I sociologi ritengono la crescita delle conoscenze specialistiche il punto di partenza del paradosso. In effetti, oggi gli esperti leggono sempre meno ciò che non li riguarda direttamente. Dove arriveremo?
Il sistema del sapere diventa sempre più complesso, sempre più parcellizzato, sempre più specialistico. Ogni esperto è tale di un settore limitato. La strategia migliore per affrontare questa complessità e la condivisione dell’ignoranza. Possiamo servirci degli strumenti inventati per condividere l’ignoranza. Uno è l’enciclopedia: dall’Illuminismo a Wikipedia, rimane un ottimo esempio di come una comunità possa condividere l’ignoranza per accrescere il sapere collettivo. Oppure pensiamo alle biblioteche: possono essere grandi spazi aperti di condivisione dell’ignoranza. 

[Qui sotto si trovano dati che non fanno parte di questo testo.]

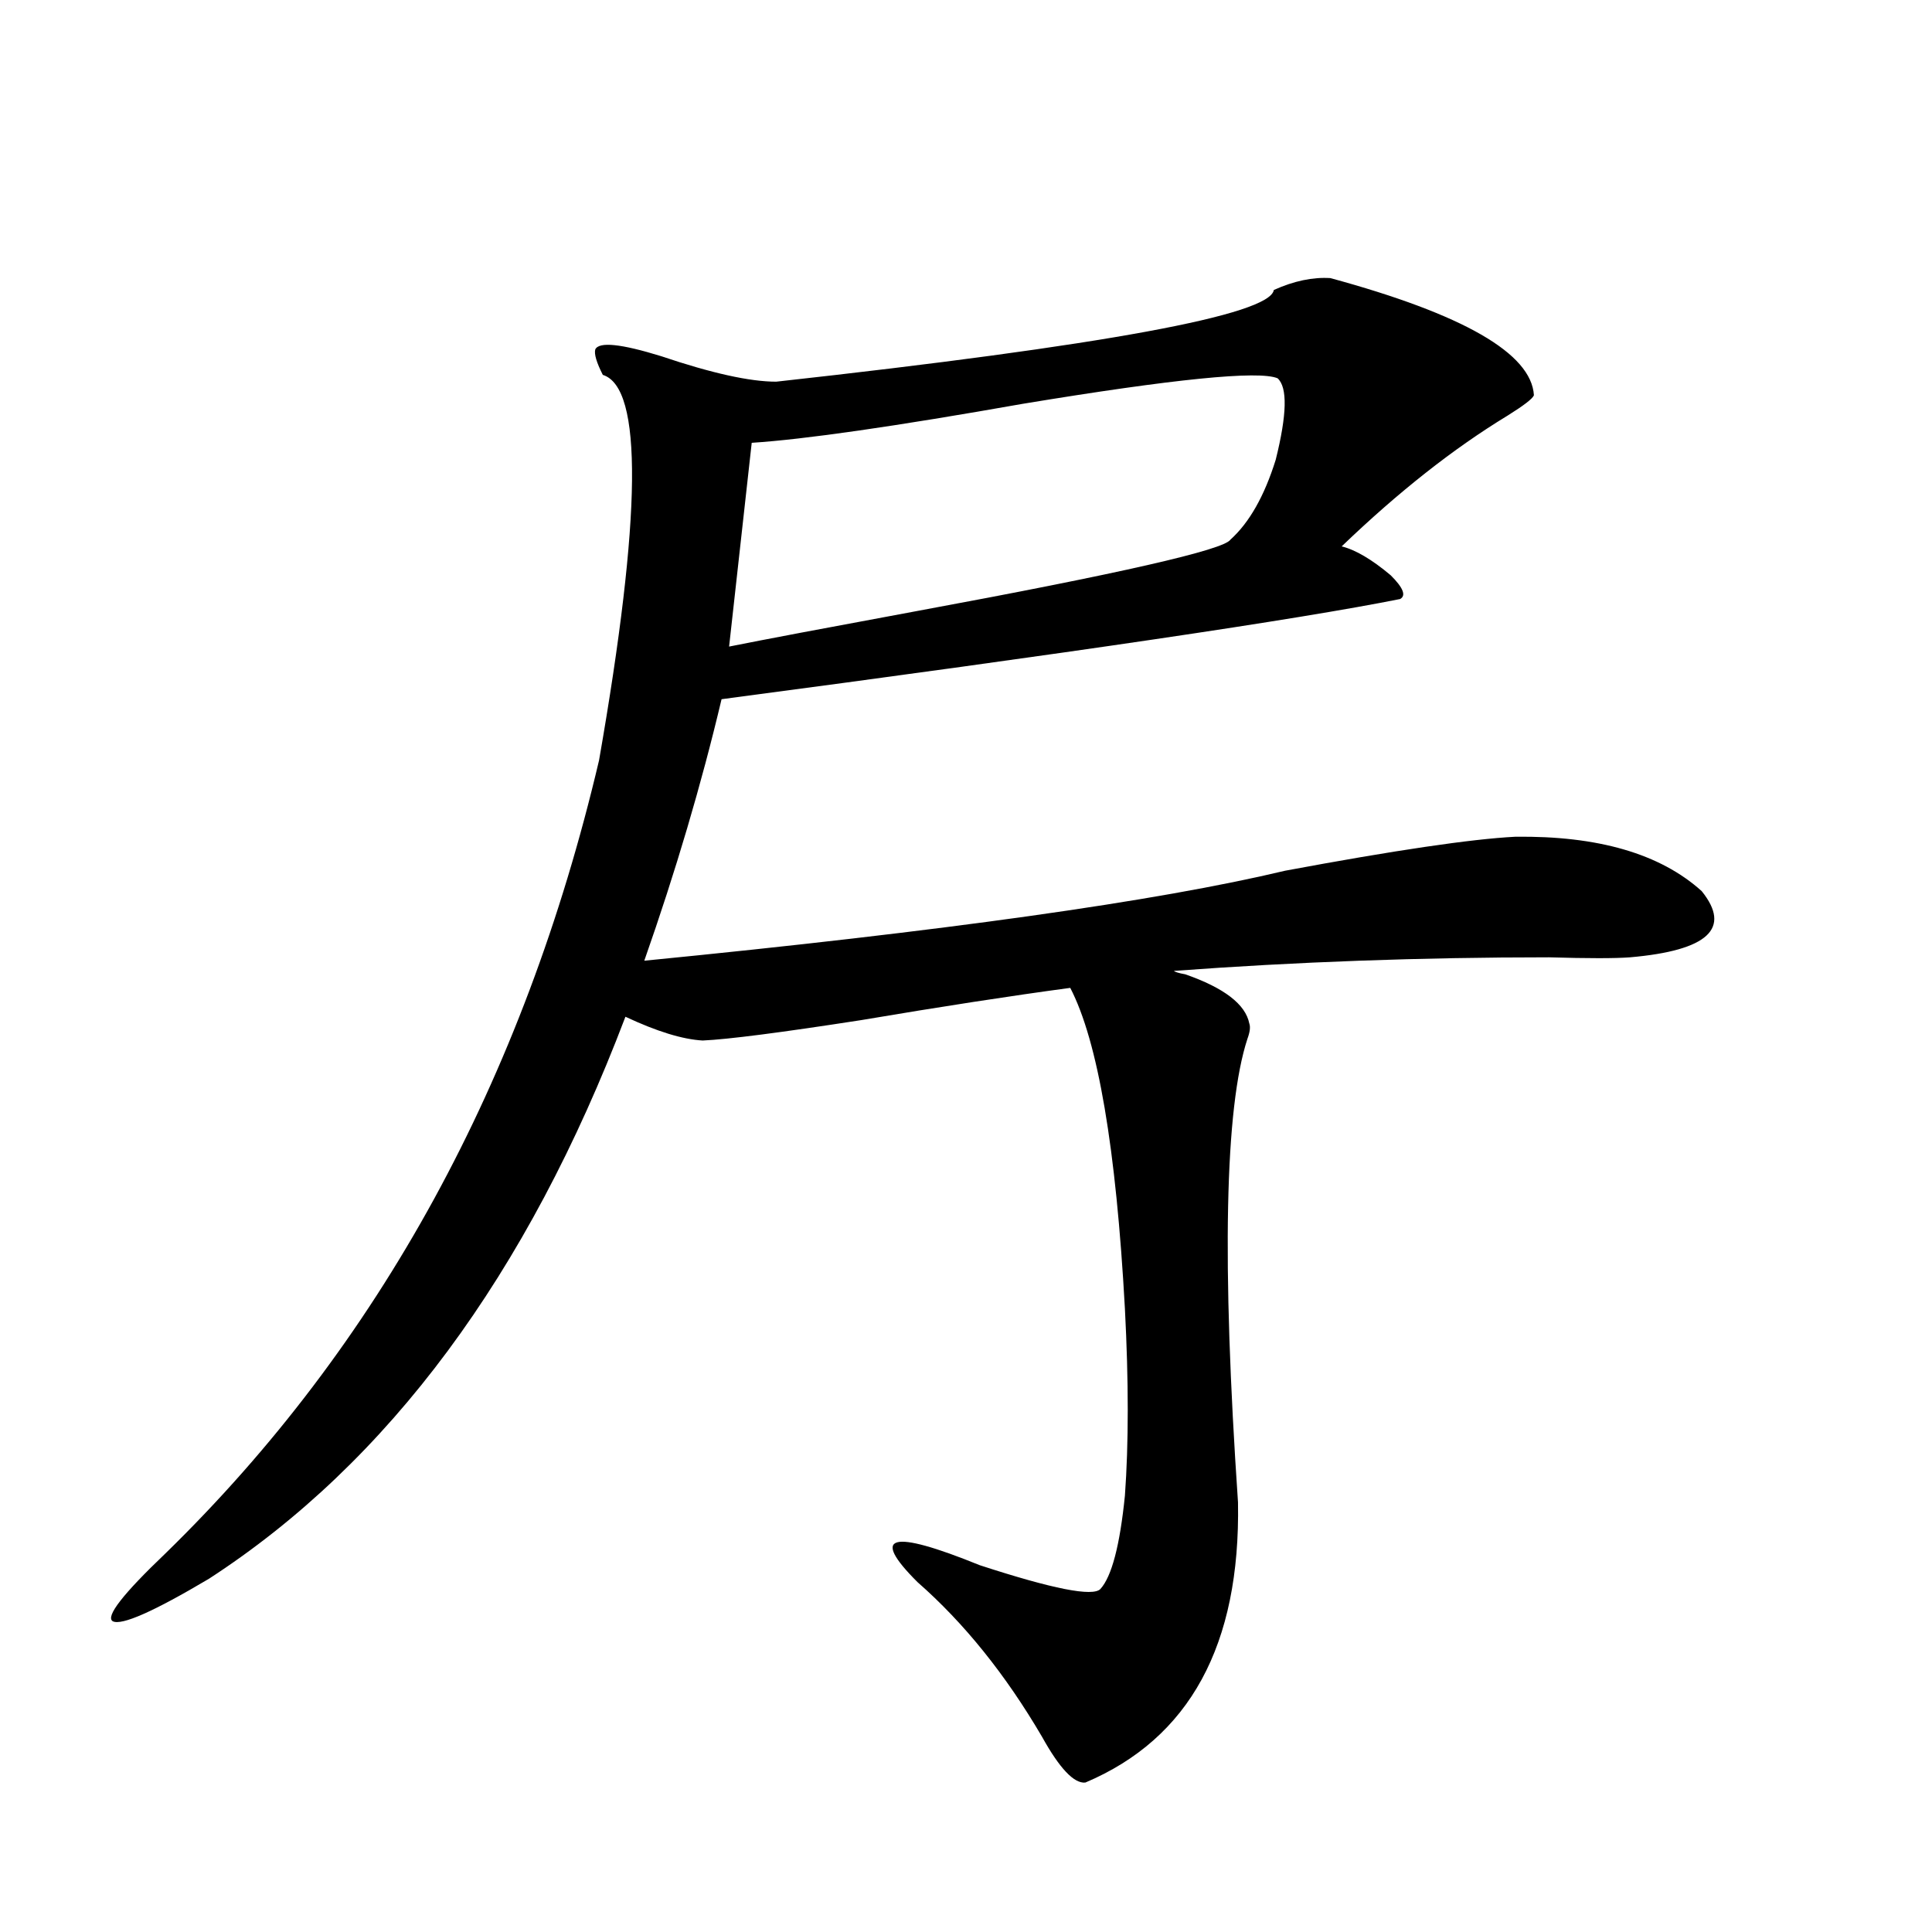 <?xml version="1.0" encoding="utf-8"?>
<!-- Generator: Adobe Illustrator 16.0.0, SVG Export Plug-In . SVG Version: 6.00 Build 0)  -->
<!DOCTYPE svg PUBLIC "-//W3C//DTD SVG 1.1//EN" "http://www.w3.org/Graphics/SVG/1.1/DTD/svg11.dtd">
<svg version="1.1" id="图层_1" xmlns="http://www.w3.org/2000/svg" xmlns:xlink="http://www.w3.org/1999/xlink" x="0px" y="0px"
	 width="1000px" height="1000px" viewBox="0 0 1000 1000" enable-background="new 0 0 1000 1000" xml:space="preserve">
<path d="M688.593,143.942c68.932,18.759,104.053,38.974,105.363,60.645c-0.655,1.758-5.213,5.273-13.658,10.547
	c-27.972,17.001-56.584,39.551-85.852,67.676c7.149,1.758,15.609,6.743,25.365,14.941c6.494,6.455,8.125,10.547,4.878,12.305
	c-52.682,10.547-169.752,27.837-351.211,51.855c-10.411,43.945-23.749,89.072-39.999,135.352
	c154.783-15.23,265.359-30.762,331.699-46.582c56.584-10.547,96.248-16.397,119.021-17.578c42.926-0.577,75.12,8.789,96.583,28.125
	c15.609,19.336,3.247,30.762-37.072,34.277c-7.805,0.591-21.798,0.591-41.95,0c-66.34,0-131.063,2.348-194.142,7.031
	c0.641,0.591,2.592,1.181,5.854,1.758c20.152,7.031,31.219,15.532,33.17,25.488c0.641,1.758,0.32,4.395-0.976,7.91
	c-11.707,35.747-13.338,115.727-4.878,239.941c1.296,73.828-25.045,122.168-79.022,145.019c-5.854,0.577-13.338-7.333-22.438-23.73
	c-18.871-32.231-40.334-58.887-64.389-79.98c-24.725-24.609-13.993-27.534,32.194-8.789c37.713,12.305,58.535,16.411,62.438,12.305
	c5.854-6.441,10.076-22.549,12.683-48.34c1.951-26.944,1.951-59.175,0-96.68c-4.558-83.194-13.993-138.565-28.292-166.113
	c-30.578,4.106-66.675,9.668-108.29,16.699c-41.63,6.455-68.946,9.97-81.949,10.547c-10.411-0.577-23.749-4.683-39.999-12.305
	C272.993,659.86,201.12,756.842,108.119,817.184c-28.627,16.988-45.212,24.307-49.755,21.973
	c-3.902-2.348,5.198-14.063,27.316-35.156c110.562-107.803,185.361-244.624,224.385-410.449
	c22.104-126.563,22.759-193.057,1.951-199.512c-3.262-6.441-4.558-10.835-3.902-13.184c1.951-4.092,13.323-2.925,34.146,3.516
	c26.006,8.789,45.853,13.184,59.511,13.184c169.752-18.745,255.604-34.566,257.555-47.461
	C669.722,145.411,679.478,143.365,688.593,143.942z M661.276,195.797c-9.756-4.092-53.657,0.302-131.704,13.184
	c-66.34,11.728-113.168,18.457-140.484,20.215l-11.707,105.469c17.561-3.516,50.075-9.668,97.559-18.457
	c104.708-19.336,158.686-31.641,161.947-36.914c9.756-8.789,17.561-22.549,23.414-41.309
	C666.154,214.556,666.475,200.494,661.276,195.797z"/>
</svg>

Ha già presentato a Roma la sua opera editoriale?
Ho fatto un incontro per il Premio Biblioteche di Roma alla Biblioteca Nelson Mandela. Un bell’incontro, con molte domande. Mi è sembrato un buon risultato per un libro che ha per titolo un punto interrogativo.

Per concludere, oltre a congratularmi per l’alto valore socio-culturale del suo libro, che ho letto con sincero interesse, vorrei chiederle di spiegare ai nostri lettori la differenza fra ignoranza ed errore, troppo spesso messi sullo stesso piano?
Grazie. In effetti, la confusione tra ignoranza ed errore è molto frequente. Ma non sapere è diverso da credere qualcosa di falso. Alla fine la definizione più convincente di ignoranza si trova proprio nell’enciclopedia curata da Diderot e d’Alembert: «l’ignoranza è una via di mezzo tra verità ed errore», si legge nel testo fondamentale dell’Illuminismo. È bene ricordarlo: l’ignoranza è un punto di partenza, sta a noi decidere in quale direzione andare. Possiamo andare verso nuove conoscenze, oppure possiamo sbagliarci. Non è detto che le cose debbano andare sempre male.